Il fut emmené pendant la nuit. Peu de semaines après, l’âme de la pauvre femme prit son vol, et, comme je le crois avec confiance, pour une région de paix et de bonheur éternel. J’accomplis moi-même le service funèbre sur ses restes, qui reposent maintenant dans notre petit cimetière : il n’y a point de pierre à la tête de sa tombe, à quoi bon ? Ses chagrins étaient connus aux hommes et ses vertus à Dieu.

Il avait été convenu, avant le départ du condamné, qu’il écrirait à sa mère aussitôt qu’il en pourrait obtenir la permission, et que ses lettres me seraient adressées, car son père avait positivement refusé de le voir, depuis le moment de son arrestation, et se souciait peu qu’il fût mort ou vivant. Nombre d’années s’écoulèrent sans que je reçusse de ses nouvelles ; et lorsque la moitié de son temps fut passée, j’en conclus qu’il n’existait plus, et en vérité, je le souhaitais presque.

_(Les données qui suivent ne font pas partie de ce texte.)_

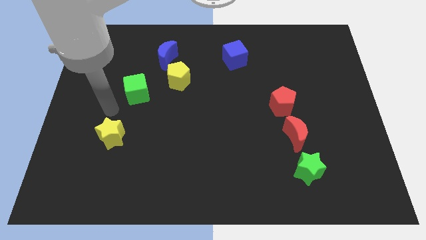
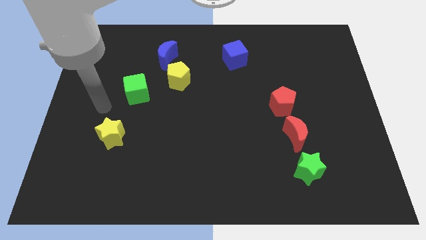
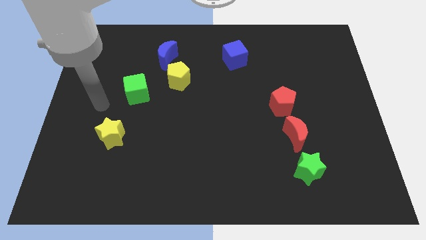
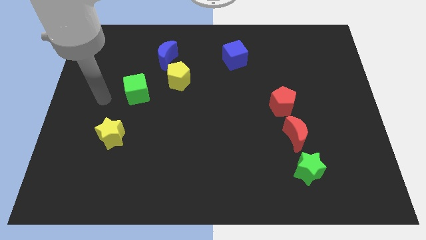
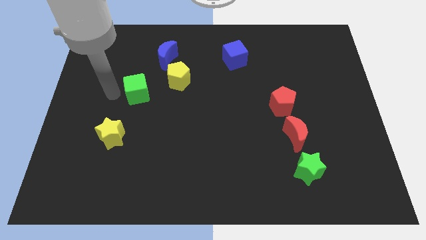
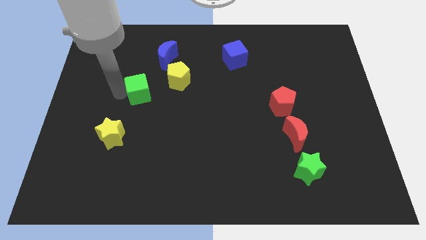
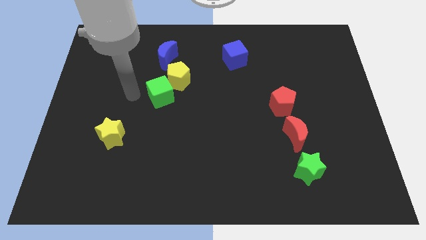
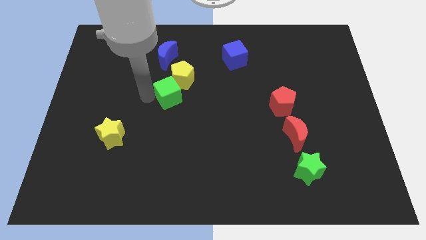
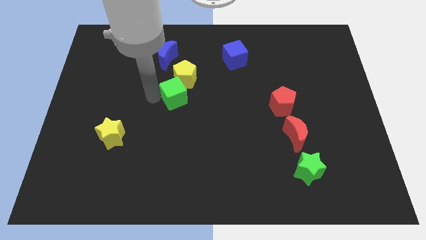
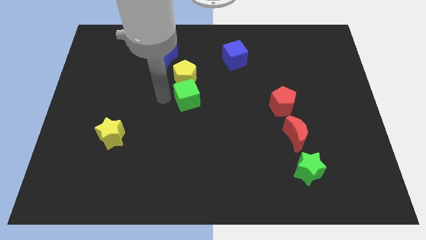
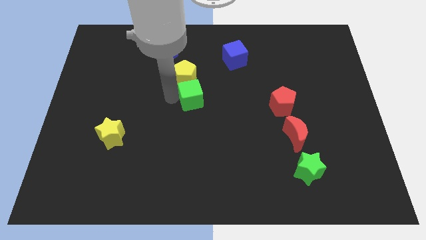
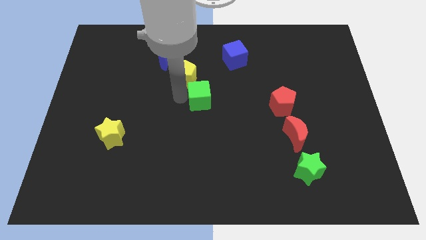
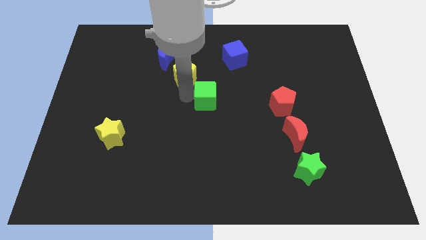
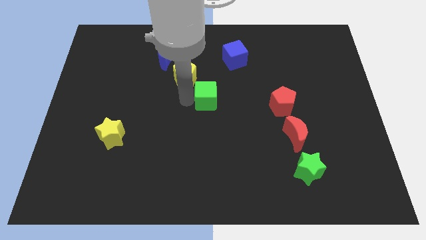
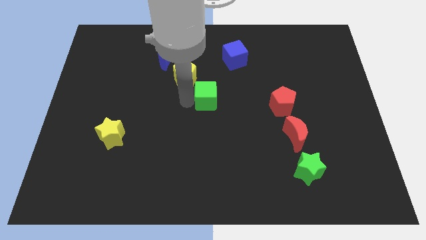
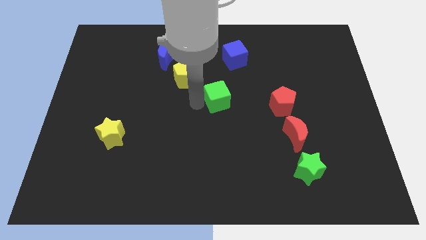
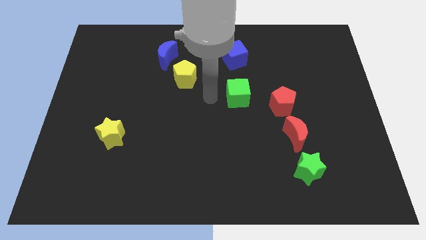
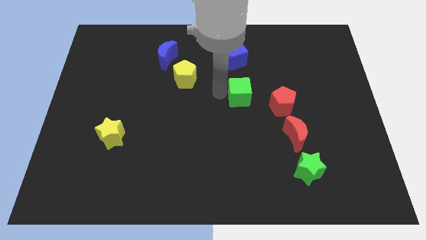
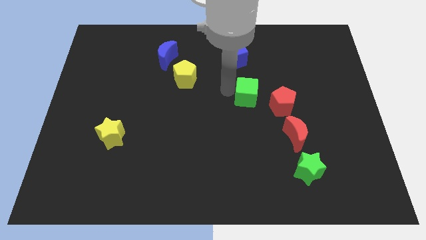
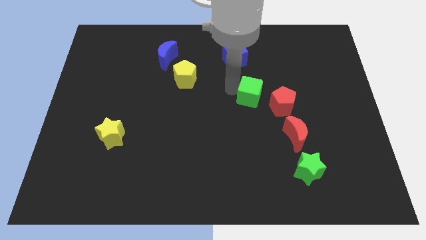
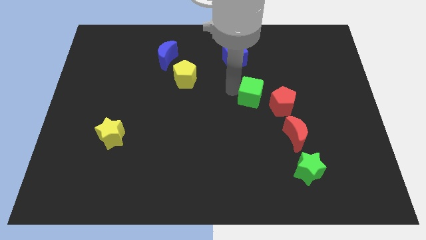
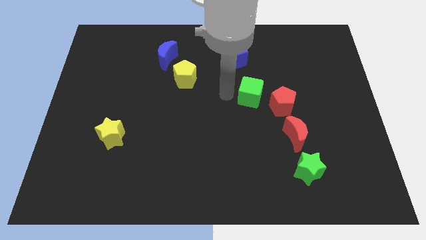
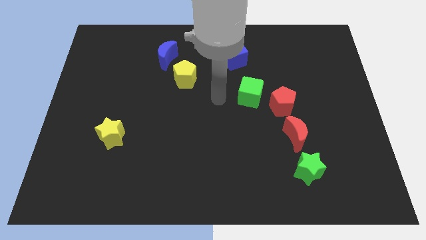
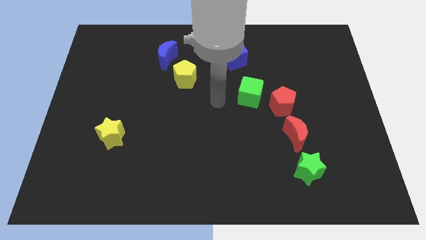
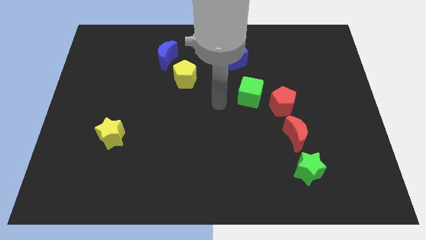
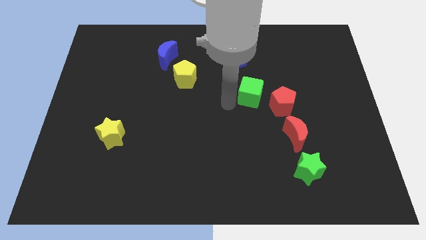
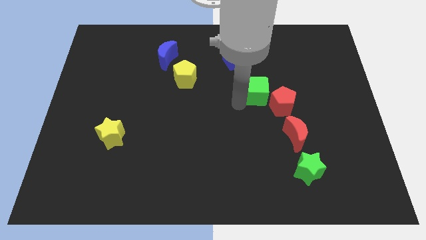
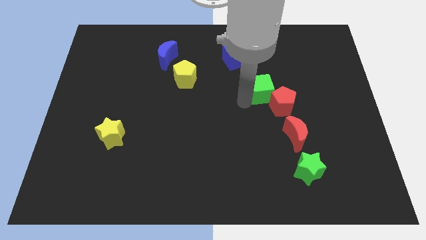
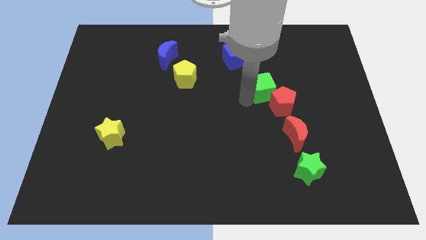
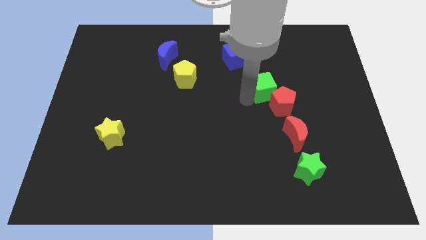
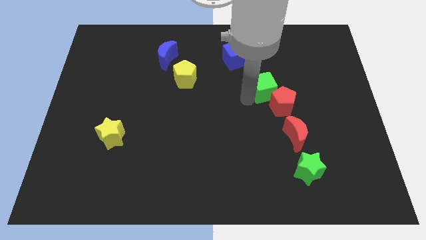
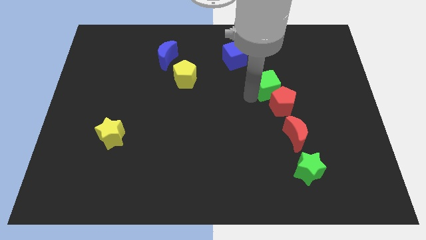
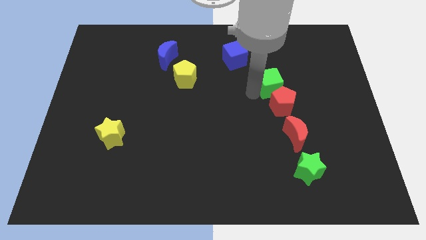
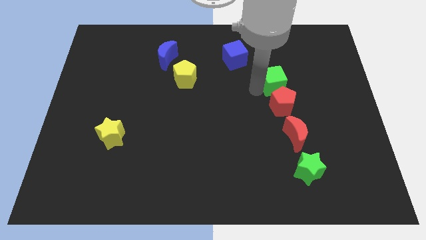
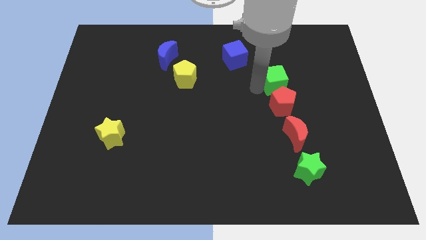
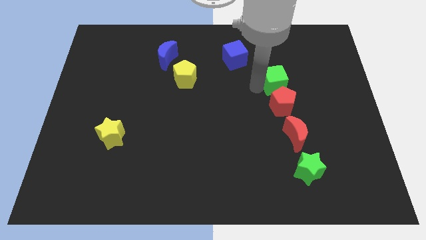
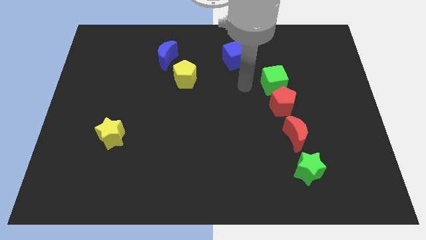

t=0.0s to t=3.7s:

Je me trompais cependant. À son arrivée à Botany-Bay[1], il avait été envoyé dans l’intérieur des terres, et ce fut apparemment pour cela qu’aucune de ses lettres ne me parvint. Il resta au même endroit pendant quatorze années, persévérant constamment dans ses bonnes résolutions, et fidèle aux promesses qu’il avait faites à sa mère. Quand son temps fut fini, il surmonta d’énormes difficultés pour regagner l’Angleterre, et revint à pied au lieu de sa naissance.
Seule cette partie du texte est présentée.